(Dataset records)
::::::::::

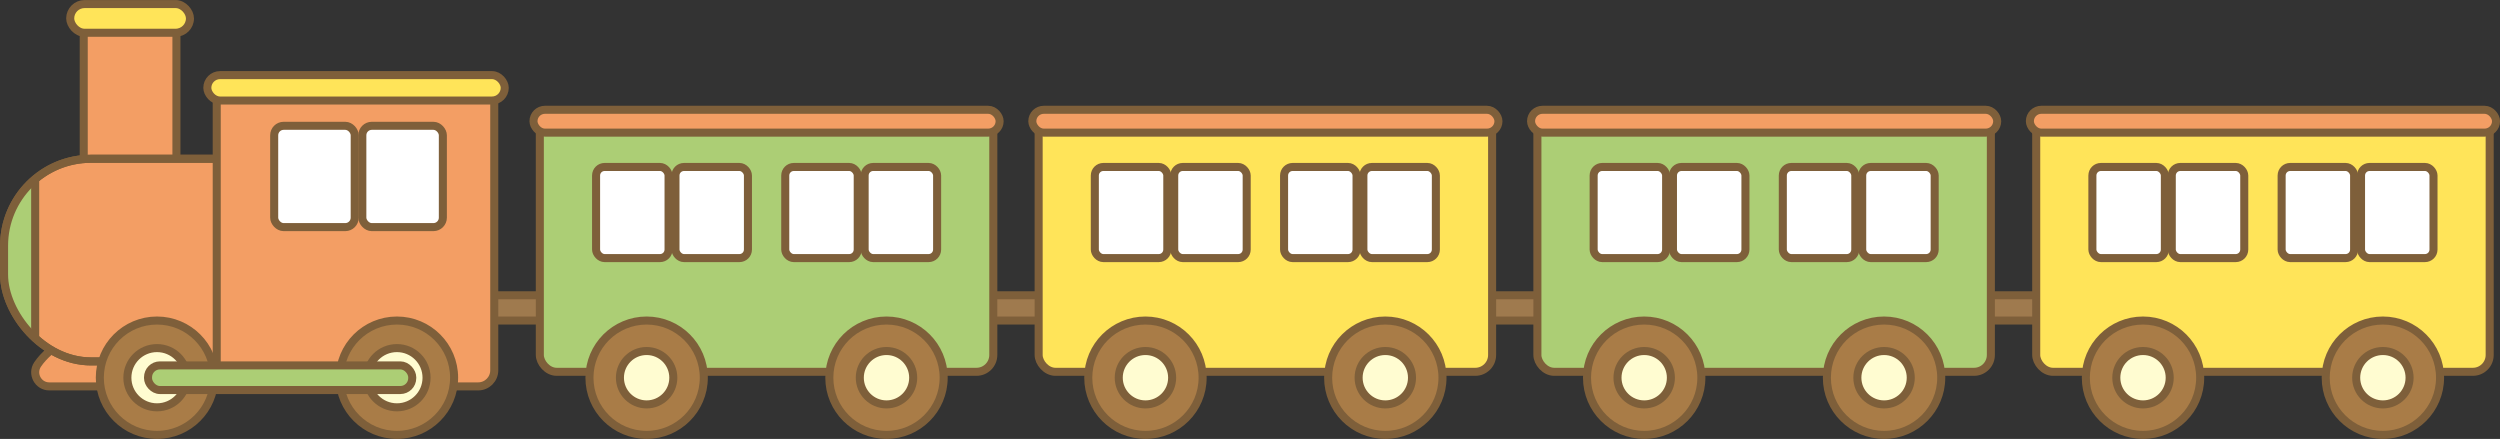 <?xml version="1.0" encoding="UTF-8"?>
<svg xmlns="http://www.w3.org/2000/svg" xmlns:xlink="http://www.w3.org/1999/xlink" id="_レイヤー_1" width="351.13" height="61.65" viewBox="0 0 351.13 61.65">
  <rect x="0" y="0" width="351.13" height="61.65" fill="#333333" stroke="none"/>
  <defs>
    <style>.cls-1{clip-path:url(#clippath);}.cls-2{fill:#a97c47;}.cls-2,.cls-3,.cls-4,.cls-5,.cls-6,.cls-7,.cls-8,.cls-9{stroke:#7e5f3a;stroke-linecap:round;stroke-linejoin:round;stroke-width:1.13px;}.cls-3{fill:#acce75;}.cls-4{fill:#9f7a4e;}.cls-5{fill:#ffe459;}.cls-6{fill:#fffcd1;}.cls-7{fill:#fff;}.cls-8{fill:none;}.cls-9{fill:#f39e64;}</style>
    <clipPath id="clippath">
      <rect class="cls-8" x=".57" y="22.3" width="68.63" height="28.46" rx="12.21" ry="12.21"></rect>
    </clipPath>
  </defs>
  <rect class="cls-4" x="50.01" y="41.47" width="256.52" height="3.55"></rect>
  <g>
    <rect class="cls-3" x="75.82" y="16.09" width="63.69" height="36.13" rx="2.36" ry="2.36"></rect>
    <rect class="cls-9" x="74.93" y="15.42" width="65.47" height="3.21" rx="1.61" ry="1.61"></rect>
    <g>
      <g>
        <circle class="cls-2" cx="90.82" cy="53.05" r="8.03"></circle>
        <circle class="cls-6" cx="90.82" cy="53.05" r="3.75"></circle>
      </g>
      <g>
        <circle class="cls-2" cx="124.51" cy="53.05" r="8.03"></circle>
        <circle class="cls-6" cx="124.51" cy="53.05" r="3.75"></circle>
      </g>
    </g>
    <g>
      <rect class="cls-7" x="83.72" y="23.45" width="10.18" height="12.8" rx="1.2" ry="1.2"></rect>
      <rect class="cls-7" x="94.87" y="23.45" width="10.18" height="12.8" rx="1.2" ry="1.2"></rect>
      <rect class="cls-7" x="110.29" y="23.45" width="10.18" height="12.8" rx="1.2" ry="1.2"></rect>
      <rect class="cls-7" x="121.44" y="23.45" width="10.18" height="12.8" rx="1.2" ry="1.2"></rect>
    </g>
  </g>
  <g>
    <rect class="cls-5" x="145.88" y="16.09" width="63.69" height="36.13" rx="2.36" ry="2.36"></rect>
    <rect class="cls-9" x="144.99" y="15.42" width="65.47" height="3.21" rx="1.61" ry="1.61"></rect>
    <g>
      <g>
        <circle class="cls-2" cx="160.88" cy="53.05" r="8.03"></circle>
        <circle class="cls-6" cx="160.88" cy="53.05" r="3.75"></circle>
      </g>
      <g>
        <circle class="cls-2" cx="194.57" cy="53.05" r="8.03"></circle>
        <circle class="cls-6" cx="194.57" cy="53.05" r="3.75"></circle>
      </g>
    </g>
    <g>
      <rect class="cls-7" x="153.77" y="23.45" width="10.18" height="12.8" rx="1.2" ry="1.2"></rect>
      <rect class="cls-7" x="164.92" y="23.45" width="10.18" height="12.8" rx="1.2" ry="1.2"></rect>
      <rect class="cls-7" x="180.35" y="23.45" width="10.18" height="12.8" rx="1.2" ry="1.2"></rect>
      <rect class="cls-7" x="191.49" y="23.45" width="10.18" height="12.8" rx="1.2" ry="1.2"></rect>
    </g>
  </g>
  <g>
    <rect class="cls-5" x="285.99" y="16.09" width="63.69" height="36.13" rx="2.36" ry="2.36"></rect>
    <rect class="cls-9" x="285.1" y="15.42" width="65.47" height="3.21" rx="1.61" ry="1.61"></rect>
    <g>
      <g>
        <circle class="cls-2" cx="300.99" cy="53.05" r="8.03"></circle>
        <circle class="cls-6" cx="300.99" cy="53.05" r="3.75"></circle>
      </g>
      <g>
        <circle class="cls-2" cx="334.68" cy="53.05" r="8.03"></circle>
        <circle class="cls-6" cx="334.68" cy="53.05" r="3.75"></circle>
      </g>
    </g>
    <g>
      <rect class="cls-7" x="293.88" y="23.45" width="10.18" height="12.8" rx="1.2" ry="1.2"></rect>
      <rect class="cls-7" x="305.03" y="23.45" width="10.18" height="12.8" rx="1.2" ry="1.2"></rect>
      <rect class="cls-7" x="320.46" y="23.45" width="10.18" height="12.8" rx="1.2" ry="1.2"></rect>
      <rect class="cls-7" x="331.61" y="23.45" width="10.18" height="12.8" rx="1.2" ry="1.2"></rect>
    </g>
  </g>
  <g>
    <rect class="cls-3" x="215.93" y="16.09" width="63.69" height="36.13" rx="2.36" ry="2.36"></rect>
    <rect class="cls-9" x="215.04" y="15.42" width="65.47" height="3.21" rx="1.61" ry="1.61"></rect>
    <g>
      <g>
        <circle class="cls-2" cx="230.93" cy="53.05" r="8.03"></circle>
        <circle class="cls-6" cx="230.93" cy="53.05" r="3.75"></circle>
      </g>
      <g>
        <circle class="cls-2" cx="264.62" cy="53.05" r="8.03"></circle>
        <circle class="cls-6" cx="264.62" cy="53.05" r="3.75"></circle>
      </g>
    </g>
    <g>
      <rect class="cls-7" x="223.83" y="23.45" width="10.18" height="12.8" rx="1.2" ry="1.2"></rect>
      <rect class="cls-7" x="234.97" y="23.45" width="10.18" height="12.8" rx="1.2" ry="1.2"></rect>
      <rect class="cls-7" x="250.4" y="23.45" width="10.18" height="12.8" rx="1.2" ry="1.2"></rect>
      <rect class="cls-7" x="261.55" y="23.45" width="10.18" height="12.8" rx="1.2" ry="1.2"></rect>
    </g>
  </g>
  <g>
    <rect class="cls-9" x="11.76" y="1.01" width="13.02" height="32.26"></rect>
    <rect class="cls-5" x="9.86" y=".57" width="16.82" height="4.03" rx="2.02" ry="2.02"></rect>
    <path class="cls-9" d="m63.4,51.19c.89,1.31-.06,3.08-1.64,3.08H6.92c-1.58,0-2.52-1.77-1.64-3.08,3.43-5.07,15.14-8.81,29.06-8.81s25.63,3.74,29.06,8.81Z"></path>
    <rect class="cls-9" x=".57" y="22.3" width="68.63" height="28.46" rx="12.21" ry="12.21"></rect>
    <g>
      <g class="cls-1">
        <rect class="cls-3" x="-5.14" y="20.53" width="10.08" height="29.53"></rect>
      </g>
      <rect class="cls-8" x=".57" y="22.3" width="68.63" height="28.46" rx="12.21" ry="12.21"></rect>
    </g>
    <rect class="cls-9" x="30.44" y="10.87" width="38.98" height="43.4" rx="2.26" ry="2.26"></rect>
    <circle class="cls-2" cx="22.05" cy="53.05" r="8.03"></circle>
    <circle class="cls-6" cx="22.05" cy="53.05" r="4.16"></circle>
    <circle class="cls-2" cx="55.75" cy="53.05" r="8.03"></circle>
    <circle class="cls-6" cx="55.75" cy="53.05" r="4.16"></circle>
    <rect class="cls-5" x="29.12" y="10.55" width="41.77" height="3.57" rx="1.79" ry="1.79"></rect>
    <rect class="cls-3" x="20.79" y="51.32" width="37.11" height="3.46" rx="1.67" ry="1.67"></rect>
    <rect class="cls-7" x="38.51" y="17.67" width="11.31" height="14.23" rx="1.33" ry="1.33"></rect>
    <rect class="cls-7" x="50.89" y="17.67" width="11.31" height="14.23" rx="1.33" ry="1.33"></rect>
  </g>
</svg>

::::::::::

ASSIGNED TASK: Bring together every line in the entries that holds the string "fill".

WORKED SOLUTION:
  <rect x="0" y="0" width="351.13" height="61.65" fill="#333333" stroke="none"/>
    <style>.cls-1{clip-path:url(#clippath);}.cls-2{fill:#a97c47;}.cls-2,.cls-3,.cls-4,.cls-5,.cls-6,.cls-7,.cls-8,.cls-9{stroke:#7e5f3a;stroke-linecap:round;stroke-linejoin:round;stroke-width:1.13px;}.cls-3{fill:#acce75;}.cls-4{fill:#9f7a4e;}.cls-5{fill:#ffe459;}.cls-6{fill:#fffcd1;}.cls-7{fill:#fff;}.cls-8{fill:none;}.cls-9{fill:#f39e64;}</style>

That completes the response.